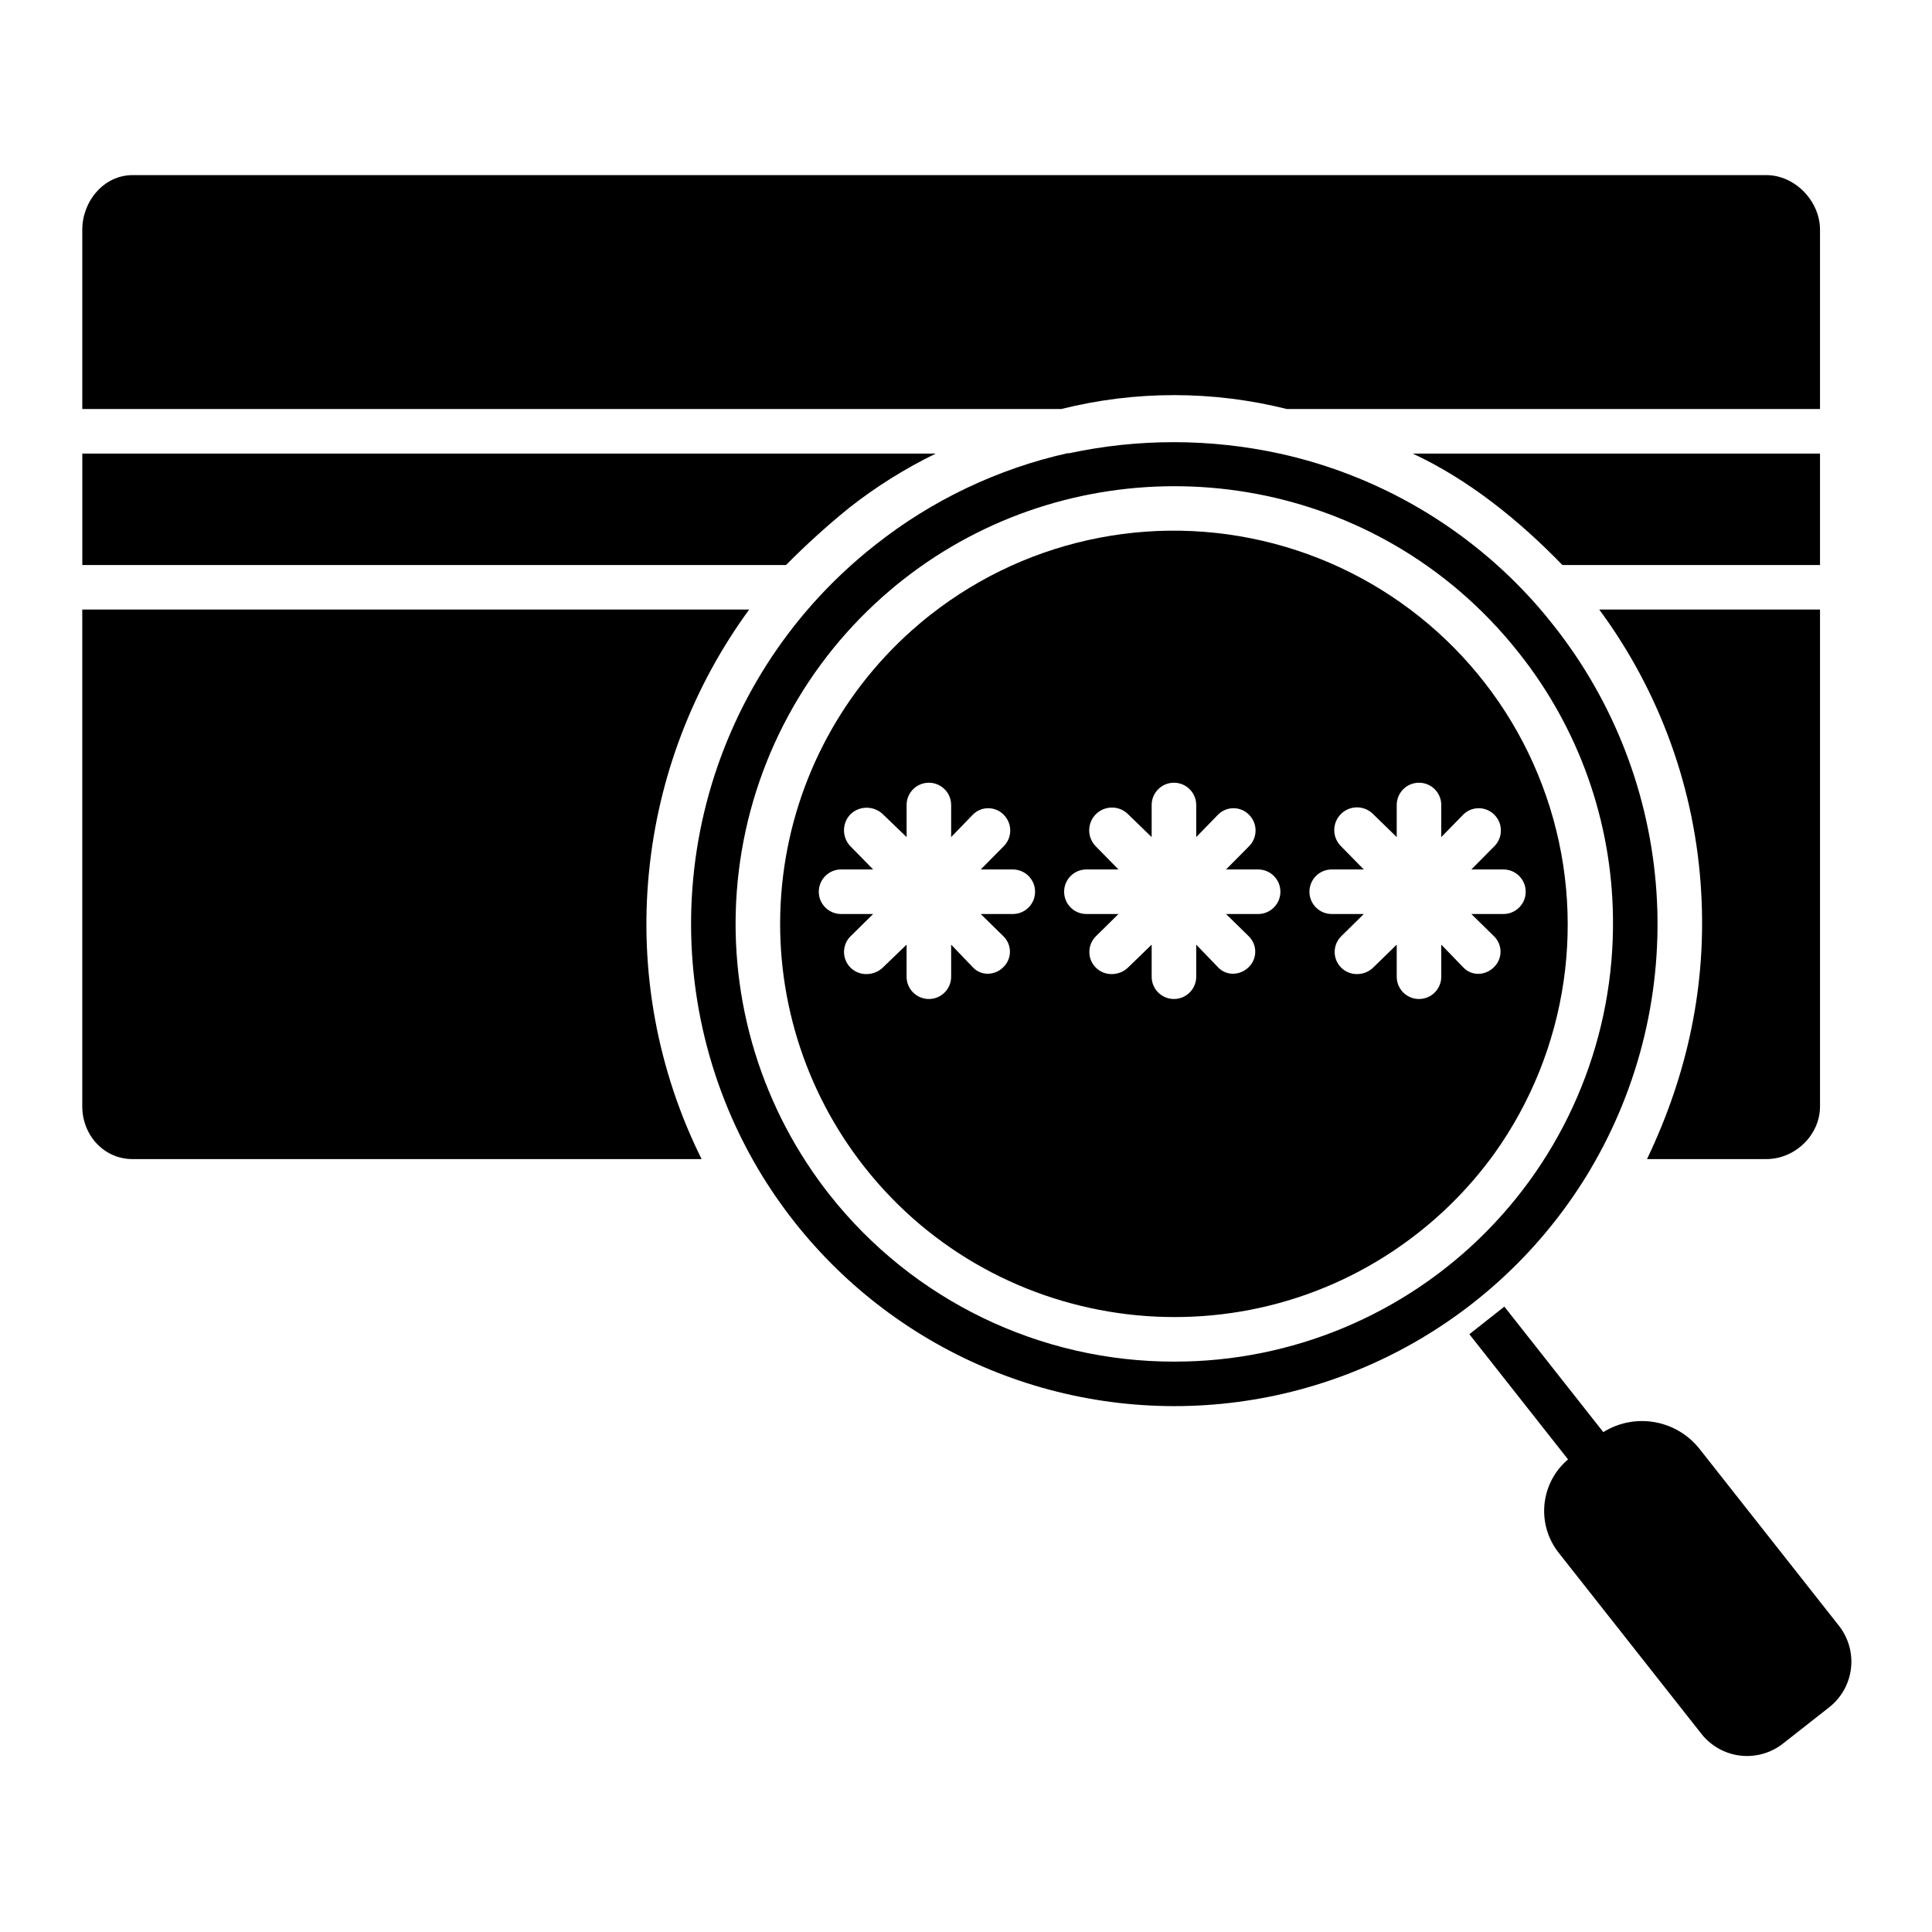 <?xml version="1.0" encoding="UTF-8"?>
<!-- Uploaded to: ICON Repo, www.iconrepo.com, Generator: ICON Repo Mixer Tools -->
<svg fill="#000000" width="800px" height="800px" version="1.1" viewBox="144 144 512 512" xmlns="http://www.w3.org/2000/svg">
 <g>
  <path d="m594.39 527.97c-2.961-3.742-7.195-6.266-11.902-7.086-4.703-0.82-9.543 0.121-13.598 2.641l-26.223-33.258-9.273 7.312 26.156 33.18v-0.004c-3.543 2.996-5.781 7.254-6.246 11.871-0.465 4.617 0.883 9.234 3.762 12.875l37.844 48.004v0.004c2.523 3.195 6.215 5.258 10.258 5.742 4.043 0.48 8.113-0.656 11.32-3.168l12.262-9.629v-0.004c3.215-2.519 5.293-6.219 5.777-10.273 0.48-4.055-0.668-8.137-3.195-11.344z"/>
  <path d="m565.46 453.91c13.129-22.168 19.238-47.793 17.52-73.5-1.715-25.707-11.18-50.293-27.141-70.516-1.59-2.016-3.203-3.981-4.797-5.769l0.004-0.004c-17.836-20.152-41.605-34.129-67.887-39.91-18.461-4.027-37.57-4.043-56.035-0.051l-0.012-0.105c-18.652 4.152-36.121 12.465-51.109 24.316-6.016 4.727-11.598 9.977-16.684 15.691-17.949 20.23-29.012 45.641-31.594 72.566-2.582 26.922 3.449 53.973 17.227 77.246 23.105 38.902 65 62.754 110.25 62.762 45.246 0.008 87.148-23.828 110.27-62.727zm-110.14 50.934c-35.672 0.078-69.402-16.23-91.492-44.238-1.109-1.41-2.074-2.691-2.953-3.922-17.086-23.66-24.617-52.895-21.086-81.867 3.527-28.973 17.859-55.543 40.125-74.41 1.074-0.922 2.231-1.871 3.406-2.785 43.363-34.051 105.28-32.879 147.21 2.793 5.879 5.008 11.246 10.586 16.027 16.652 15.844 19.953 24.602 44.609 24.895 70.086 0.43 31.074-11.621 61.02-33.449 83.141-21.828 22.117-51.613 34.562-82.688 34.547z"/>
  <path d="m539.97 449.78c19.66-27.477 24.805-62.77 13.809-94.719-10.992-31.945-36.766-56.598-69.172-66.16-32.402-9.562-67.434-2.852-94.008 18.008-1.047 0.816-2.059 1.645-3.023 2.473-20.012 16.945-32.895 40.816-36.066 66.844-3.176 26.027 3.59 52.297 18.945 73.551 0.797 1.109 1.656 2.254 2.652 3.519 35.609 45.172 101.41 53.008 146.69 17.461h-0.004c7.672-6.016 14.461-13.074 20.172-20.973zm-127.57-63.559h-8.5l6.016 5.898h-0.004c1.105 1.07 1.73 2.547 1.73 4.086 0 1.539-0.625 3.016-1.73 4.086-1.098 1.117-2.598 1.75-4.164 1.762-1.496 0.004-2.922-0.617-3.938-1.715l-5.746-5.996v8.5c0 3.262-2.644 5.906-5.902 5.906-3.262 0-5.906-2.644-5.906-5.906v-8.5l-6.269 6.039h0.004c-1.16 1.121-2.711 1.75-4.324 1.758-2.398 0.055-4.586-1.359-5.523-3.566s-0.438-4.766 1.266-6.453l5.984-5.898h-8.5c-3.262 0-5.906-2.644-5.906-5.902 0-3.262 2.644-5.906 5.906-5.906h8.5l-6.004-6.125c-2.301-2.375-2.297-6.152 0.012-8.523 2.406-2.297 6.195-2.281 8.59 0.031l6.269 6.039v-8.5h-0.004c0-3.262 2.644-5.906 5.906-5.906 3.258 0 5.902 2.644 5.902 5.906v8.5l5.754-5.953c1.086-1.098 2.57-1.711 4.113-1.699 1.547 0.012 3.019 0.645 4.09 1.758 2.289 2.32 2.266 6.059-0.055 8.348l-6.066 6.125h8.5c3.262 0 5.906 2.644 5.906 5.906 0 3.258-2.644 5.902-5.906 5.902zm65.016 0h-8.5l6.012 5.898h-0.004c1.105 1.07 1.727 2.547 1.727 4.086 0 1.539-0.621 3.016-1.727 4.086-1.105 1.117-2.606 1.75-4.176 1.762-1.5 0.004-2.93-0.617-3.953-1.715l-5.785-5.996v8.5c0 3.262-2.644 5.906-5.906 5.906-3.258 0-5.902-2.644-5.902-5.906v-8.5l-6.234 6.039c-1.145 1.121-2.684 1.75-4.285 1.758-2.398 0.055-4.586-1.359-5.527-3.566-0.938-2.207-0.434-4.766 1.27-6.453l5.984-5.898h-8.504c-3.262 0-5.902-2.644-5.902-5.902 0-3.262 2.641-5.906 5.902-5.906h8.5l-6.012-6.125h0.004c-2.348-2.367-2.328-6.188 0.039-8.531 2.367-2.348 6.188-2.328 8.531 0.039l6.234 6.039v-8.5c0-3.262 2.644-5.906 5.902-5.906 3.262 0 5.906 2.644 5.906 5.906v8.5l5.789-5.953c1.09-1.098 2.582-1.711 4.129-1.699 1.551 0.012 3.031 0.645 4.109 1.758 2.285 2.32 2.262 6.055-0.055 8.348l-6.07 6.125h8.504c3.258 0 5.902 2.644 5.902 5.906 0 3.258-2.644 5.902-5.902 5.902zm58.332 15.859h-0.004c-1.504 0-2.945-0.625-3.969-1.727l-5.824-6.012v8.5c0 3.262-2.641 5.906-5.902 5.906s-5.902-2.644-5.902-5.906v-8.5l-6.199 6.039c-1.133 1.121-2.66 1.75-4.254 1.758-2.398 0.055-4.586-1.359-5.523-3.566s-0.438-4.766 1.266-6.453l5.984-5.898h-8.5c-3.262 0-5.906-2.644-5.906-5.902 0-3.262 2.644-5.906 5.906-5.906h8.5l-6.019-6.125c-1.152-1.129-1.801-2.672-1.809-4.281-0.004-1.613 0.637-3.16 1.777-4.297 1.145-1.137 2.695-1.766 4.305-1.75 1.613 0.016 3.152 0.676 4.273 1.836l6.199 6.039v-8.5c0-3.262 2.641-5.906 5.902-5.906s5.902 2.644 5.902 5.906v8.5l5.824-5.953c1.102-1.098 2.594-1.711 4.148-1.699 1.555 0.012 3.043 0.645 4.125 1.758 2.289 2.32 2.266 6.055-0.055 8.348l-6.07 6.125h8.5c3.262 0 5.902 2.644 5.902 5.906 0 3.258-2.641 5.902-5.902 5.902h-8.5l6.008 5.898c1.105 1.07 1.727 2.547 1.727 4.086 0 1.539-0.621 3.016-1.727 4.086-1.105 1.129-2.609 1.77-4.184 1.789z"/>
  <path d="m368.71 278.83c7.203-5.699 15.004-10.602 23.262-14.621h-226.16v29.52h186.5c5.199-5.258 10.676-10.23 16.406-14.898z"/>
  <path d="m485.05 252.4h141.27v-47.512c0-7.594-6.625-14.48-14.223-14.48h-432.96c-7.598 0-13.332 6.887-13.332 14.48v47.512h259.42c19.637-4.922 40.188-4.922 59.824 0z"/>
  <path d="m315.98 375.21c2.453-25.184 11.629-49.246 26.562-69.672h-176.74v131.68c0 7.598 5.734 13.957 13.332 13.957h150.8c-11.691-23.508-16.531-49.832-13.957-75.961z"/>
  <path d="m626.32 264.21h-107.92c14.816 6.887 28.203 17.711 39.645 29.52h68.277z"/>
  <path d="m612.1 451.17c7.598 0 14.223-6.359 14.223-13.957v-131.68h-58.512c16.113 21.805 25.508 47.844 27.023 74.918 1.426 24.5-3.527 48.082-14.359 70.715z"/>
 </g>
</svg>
****************
• _Your instructions_
Could you print the listing above word for word, without its pictures?

• _Your solution_
 <?xml version="1.0" encoding="UTF-8"?>
<!-- Uploaded to: ICON Repo, www.iconrepo.com, Generator: ICON Repo Mixer Tools -->
<svg fill="#000000" width="800px" height="800px" version="1.1" viewBox="144 144 512 512" xmlns="http://www.w3.org/2000/svg">
 <g>
  <path d="m594.39 527.97c-2.961-3.742-7.195-6.266-11.902-7.086-4.703-0.82-9.543 0.121-13.598 2.641l-26.223-33.258-9.273 7.312 26.156 33.18v-0.004c-3.543 2.996-5.781 7.254-6.246 11.871-0.465 4.617 0.883 9.234 3.762 12.875l37.844 48.004v0.004c2.523 3.195 6.215 5.258 10.258 5.742 4.043 0.48 8.113-0.656 11.32-3.168l12.262-9.629v-0.004c3.215-2.519 5.293-6.219 5.777-10.273 0.48-4.055-0.668-8.137-3.195-11.344z"/>
  <path d="m565.46 453.91c13.129-22.168 19.238-47.793 17.52-73.5-1.715-25.707-11.18-50.293-27.141-70.516-1.59-2.016-3.203-3.981-4.797-5.769l0.004-0.004c-17.836-20.152-41.605-34.129-67.887-39.91-18.461-4.027-37.57-4.043-56.035-0.051l-0.012-0.105c-18.652 4.152-36.121 12.465-51.109 24.316-6.016 4.727-11.598 9.977-16.684 15.691-17.949 20.23-29.012 45.641-31.594 72.566-2.582 26.922 3.449 53.973 17.227 77.246 23.105 38.902 65 62.754 110.25 62.762 45.246 0.008 87.148-23.828 110.27-62.727zm-110.14 50.934c-35.672 0.078-69.402-16.23-91.492-44.238-1.109-1.41-2.074-2.691-2.953-3.922-17.086-23.66-24.617-52.895-21.086-81.867 3.527-28.973 17.859-55.543 40.125-74.41 1.074-0.922 2.231-1.871 3.406-2.785 43.363-34.051 105.28-32.879 147.21 2.793 5.879 5.008 11.246 10.586 16.027 16.652 15.844 19.953 24.602 44.609 24.895 70.086 0.43 31.074-11.621 61.02-33.449 83.141-21.828 22.117-51.613 34.562-82.688 34.547z"/>
  <path d="m539.97 449.78c19.66-27.477 24.805-62.77 13.809-94.719-10.992-31.945-36.766-56.598-69.172-66.16-32.402-9.562-67.434-2.852-94.008 18.008-1.047 0.816-2.059 1.645-3.023 2.473-20.012 16.945-32.895 40.816-36.066 66.844-3.176 26.027 3.59 52.297 18.945 73.551 0.797 1.109 1.656 2.254 2.652 3.519 35.609 45.172 101.41 53.008 146.69 17.461h-0.004c7.672-6.016 14.461-13.074 20.172-20.973zm-127.57-63.559h-8.5l6.016 5.898h-0.004c1.105 1.07 1.73 2.547 1.73 4.086 0 1.539-0.625 3.016-1.73 4.086-1.098 1.117-2.598 1.75-4.164 1.762-1.496 0.004-2.922-0.617-3.938-1.715l-5.746-5.996v8.5c0 3.262-2.644 5.906-5.902 5.906-3.262 0-5.906-2.644-5.906-5.906v-8.5l-6.269 6.039h0.004c-1.16 1.121-2.711 1.75-4.324 1.758-2.398 0.055-4.586-1.359-5.523-3.566s-0.438-4.766 1.266-6.453l5.984-5.898h-8.5c-3.262 0-5.906-2.644-5.906-5.902 0-3.262 2.644-5.906 5.906-5.906h8.5l-6.004-6.125c-2.301-2.375-2.297-6.152 0.012-8.523 2.406-2.297 6.195-2.281 8.59 0.031l6.269 6.039v-8.5h-0.004c0-3.262 2.644-5.906 5.906-5.906 3.258 0 5.902 2.644 5.902 5.906v8.5l5.754-5.953c1.086-1.098 2.57-1.711 4.113-1.699 1.547 0.012 3.019 0.645 4.09 1.758 2.289 2.32 2.266 6.059-0.055 8.348l-6.066 6.125h8.5c3.262 0 5.906 2.644 5.906 5.906 0 3.258-2.644 5.902-5.906 5.902zm65.016 0h-8.5l6.012 5.898h-0.004c1.105 1.07 1.727 2.547 1.727 4.086 0 1.539-0.621 3.016-1.727 4.086-1.105 1.117-2.606 1.75-4.176 1.762-1.5 0.004-2.93-0.617-3.953-1.715l-5.785-5.996v8.5c0 3.262-2.644 5.906-5.906 5.906-3.258 0-5.902-2.644-5.902-5.906v-8.5l-6.234 6.039c-1.145 1.121-2.684 1.75-4.285 1.758-2.398 0.055-4.586-1.359-5.527-3.566-0.938-2.207-0.434-4.766 1.27-6.453l5.984-5.898h-8.504c-3.262 0-5.902-2.644-5.902-5.902 0-3.262 2.641-5.906 5.902-5.906h8.5l-6.012-6.125h0.004c-2.348-2.367-2.328-6.188 0.039-8.531 2.367-2.348 6.188-2.328 8.531 0.039l6.234 6.039v-8.5c0-3.262 2.644-5.906 5.902-5.906 3.262 0 5.906 2.644 5.906 5.906v8.5l5.789-5.953c1.09-1.098 2.582-1.711 4.129-1.699 1.551 0.012 3.031 0.645 4.109 1.758 2.285 2.32 2.262 6.055-0.055 8.348l-6.07 6.125h8.504c3.258 0 5.902 2.644 5.902 5.906 0 3.258-2.644 5.902-5.902 5.902zm58.332 15.859h-0.004c-1.504 0-2.945-0.625-3.969-1.727l-5.824-6.012v8.5c0 3.262-2.641 5.906-5.902 5.906s-5.902-2.644-5.902-5.906v-8.5l-6.199 6.039c-1.133 1.121-2.66 1.75-4.254 1.758-2.398 0.055-4.586-1.359-5.523-3.566s-0.438-4.766 1.266-6.453l5.984-5.898h-8.5c-3.262 0-5.906-2.644-5.906-5.902 0-3.262 2.644-5.906 5.906-5.906h8.5l-6.019-6.125c-1.152-1.129-1.801-2.672-1.809-4.281-0.004-1.613 0.637-3.16 1.777-4.297 1.145-1.137 2.695-1.766 4.305-1.75 1.613 0.016 3.152 0.676 4.273 1.836l6.199 6.039v-8.5c0-3.262 2.641-5.906 5.902-5.906s5.902 2.644 5.902 5.906v8.5l5.824-5.953c1.102-1.098 2.594-1.711 4.148-1.699 1.555 0.012 3.043 0.645 4.125 1.758 2.289 2.32 2.266 6.055-0.055 8.348l-6.07 6.125h8.5c3.262 0 5.902 2.644 5.902 5.906 0 3.258-2.641 5.902-5.902 5.902h-8.5l6.008 5.898c1.105 1.07 1.727 2.547 1.727 4.086 0 1.539-0.621 3.016-1.727 4.086-1.105 1.129-2.609 1.77-4.184 1.789z"/>
  <path d="m368.71 278.83c7.203-5.699 15.004-10.602 23.262-14.621h-226.16v29.52h186.5c5.199-5.258 10.676-10.23 16.406-14.898z"/>
  <path d="m485.05 252.4h141.27v-47.512c0-7.594-6.625-14.48-14.223-14.48h-432.96c-7.598 0-13.332 6.887-13.332 14.48v47.512h259.42c19.637-4.922 40.188-4.922 59.824 0z"/>
  <path d="m315.98 375.21c2.453-25.184 11.629-49.246 26.562-69.672h-176.74v131.68c0 7.598 5.734 13.957 13.332 13.957h150.8c-11.691-23.508-16.531-49.832-13.957-75.961z"/>
  <path d="m626.32 264.21h-107.92c14.816 6.887 28.203 17.711 39.645 29.52h68.277z"/>
  <path d="m612.1 451.17c7.598 0 14.223-6.359 14.223-13.957v-131.68h-58.512c16.113 21.805 25.508 47.844 27.023 74.918 1.426 24.5-3.527 48.082-14.359 70.715z"/>
 </g>
</svg>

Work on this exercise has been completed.